◆ Problem statement
With the images set aside, retype every record below character for character.

◆ Recorded data
━━━━━━━━

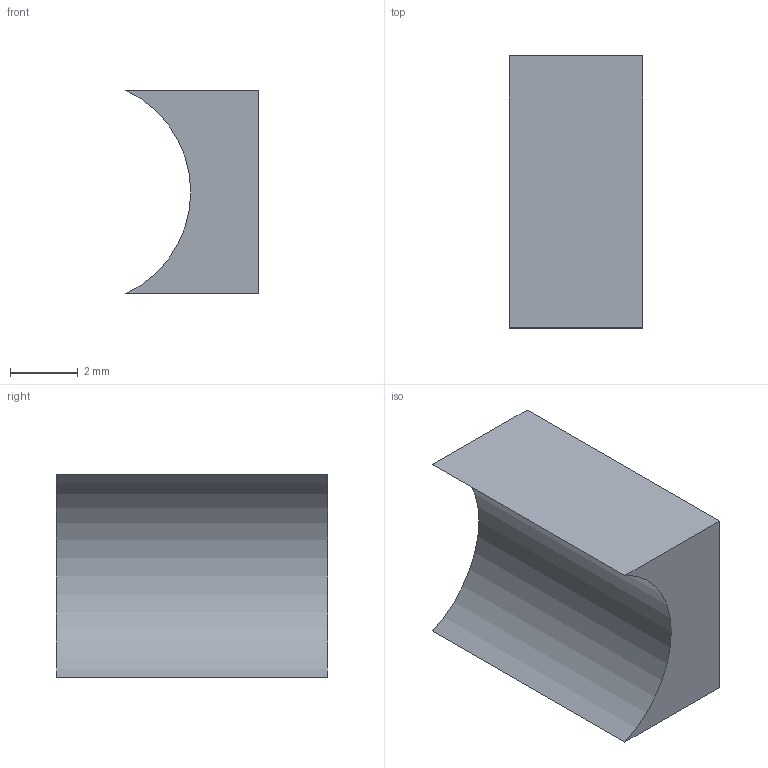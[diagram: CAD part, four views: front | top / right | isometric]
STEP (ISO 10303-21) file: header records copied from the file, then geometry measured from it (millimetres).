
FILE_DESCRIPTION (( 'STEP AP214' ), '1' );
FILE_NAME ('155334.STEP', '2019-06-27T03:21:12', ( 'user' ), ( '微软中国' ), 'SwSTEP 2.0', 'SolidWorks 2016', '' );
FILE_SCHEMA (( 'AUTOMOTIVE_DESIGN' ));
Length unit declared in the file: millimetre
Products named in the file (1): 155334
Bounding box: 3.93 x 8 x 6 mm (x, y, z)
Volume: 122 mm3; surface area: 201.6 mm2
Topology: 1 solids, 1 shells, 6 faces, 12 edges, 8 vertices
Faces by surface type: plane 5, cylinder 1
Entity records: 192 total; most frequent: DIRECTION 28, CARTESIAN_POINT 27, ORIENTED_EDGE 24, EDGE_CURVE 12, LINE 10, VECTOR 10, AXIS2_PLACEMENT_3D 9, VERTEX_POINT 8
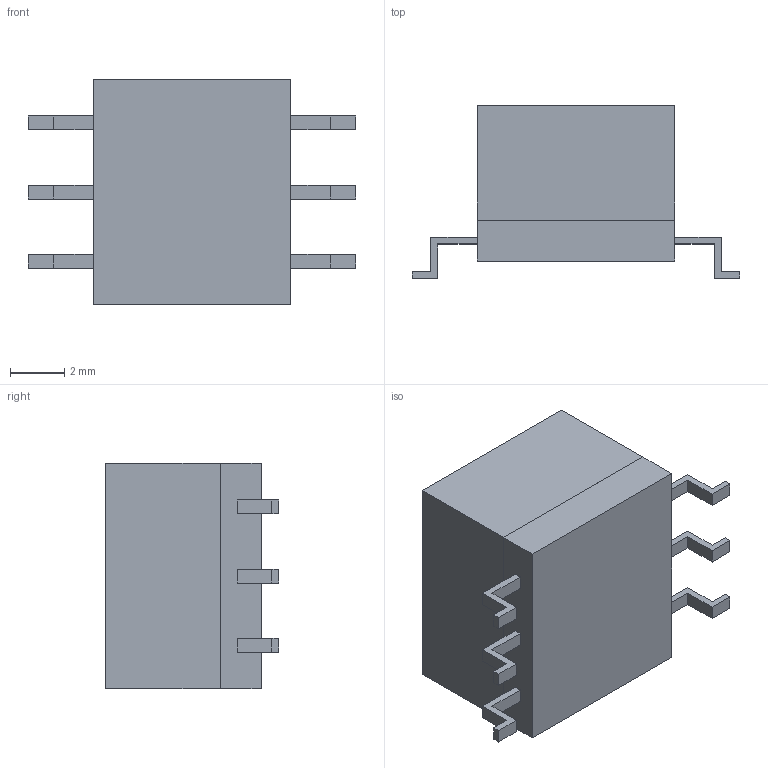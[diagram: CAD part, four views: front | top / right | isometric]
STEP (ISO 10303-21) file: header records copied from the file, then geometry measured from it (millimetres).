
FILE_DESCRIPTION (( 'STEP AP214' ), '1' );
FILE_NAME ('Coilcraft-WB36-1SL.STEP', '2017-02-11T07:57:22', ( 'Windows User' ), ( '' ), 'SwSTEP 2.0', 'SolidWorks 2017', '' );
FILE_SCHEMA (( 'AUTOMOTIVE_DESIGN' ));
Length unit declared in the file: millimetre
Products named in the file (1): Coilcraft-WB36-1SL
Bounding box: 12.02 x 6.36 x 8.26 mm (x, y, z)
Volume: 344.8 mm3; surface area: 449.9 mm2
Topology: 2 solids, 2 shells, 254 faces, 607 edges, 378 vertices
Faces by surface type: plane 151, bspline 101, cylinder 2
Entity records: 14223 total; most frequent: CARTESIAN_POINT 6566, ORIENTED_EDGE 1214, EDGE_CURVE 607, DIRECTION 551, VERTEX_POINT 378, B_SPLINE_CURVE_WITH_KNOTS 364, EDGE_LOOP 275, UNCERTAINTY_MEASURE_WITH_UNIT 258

━━━━━━━━

◆ Result of the task
[diagram: CAD part, four views: front | top / right | isometric]
STEP (ISO 10303-21) file: header records copied from the file, then geometry measured from it (millimetres).
FILE_DESCRIPTION (( 'STEP AP214' ), '1' );
FILE_NAME ('155334.STEP', '2019-06-27T03:21:12', ( 'user' ), ( '微软中国' ), 'SwSTEP 2.0', 'SolidWorks 2016', '' );
FILE_SCHEMA (( 'AUTOMOTIVE_DESIGN' ));
Length unit declared in the file: millimetre
Products named in the file (1): 155334
Bounding box: 3.93 x 8 x 6 mm (x, y, z)
Volume: 122 mm3; surface area: 201.6 mm2
Topology: 1 solids, 1 shells, 6 faces, 12 edges, 8 vertices
Faces by surface type: plane 5, cylinder 1
Entity records: 192 total; most frequent: DIRECTION 28, CARTESIAN_POINT 27, ORIENTED_EDGE 24, EDGE_CURVE 12, LINE 10, VECTOR 10, AXIS2_PLACEMENT_3D 9, VERTEX_POINT 8
[diagram: CAD part, four views: front | top / right | isometric]
STEP (ISO 10303-21) file: header records copied from the file, then geometry measured from it (millimetres).
FILE_DESCRIPTION (( 'STEP AP214' ), '1' );
FILE_NAME ('Coilcraft-WB36-1SL.STEP', '2017-02-11T07:57:22', ( 'Windows User' ), ( '' ), 'SwSTEP 2.0', 'SolidWorks 2017', '' );
FILE_SCHEMA (( 'AUTOMOTIVE_DESIGN' ));
Length unit declared in the file: millimetre
Products named in the file (1): Coilcraft-WB36-1SL
Bounding box: 12.02 x 6.36 x 8.26 mm (x, y, z)
Volume: 344.8 mm3; surface area: 449.9 mm2
Topology: 2 solids, 2 shells, 254 faces, 607 edges, 378 vertices
Faces by surface type: plane 151, bspline 101, cylinder 2
Entity records: 14223 total; most frequent: CARTESIAN_POINT 6566, ORIENTED_EDGE 1214, EDGE_CURVE 607, DIRECTION 551, VERTEX_POINT 378, B_SPLINE_CURVE_WITH_KNOTS 364, EDGE_LOOP 275, UNCERTAINTY_MEASURE_WITH_UNIT 258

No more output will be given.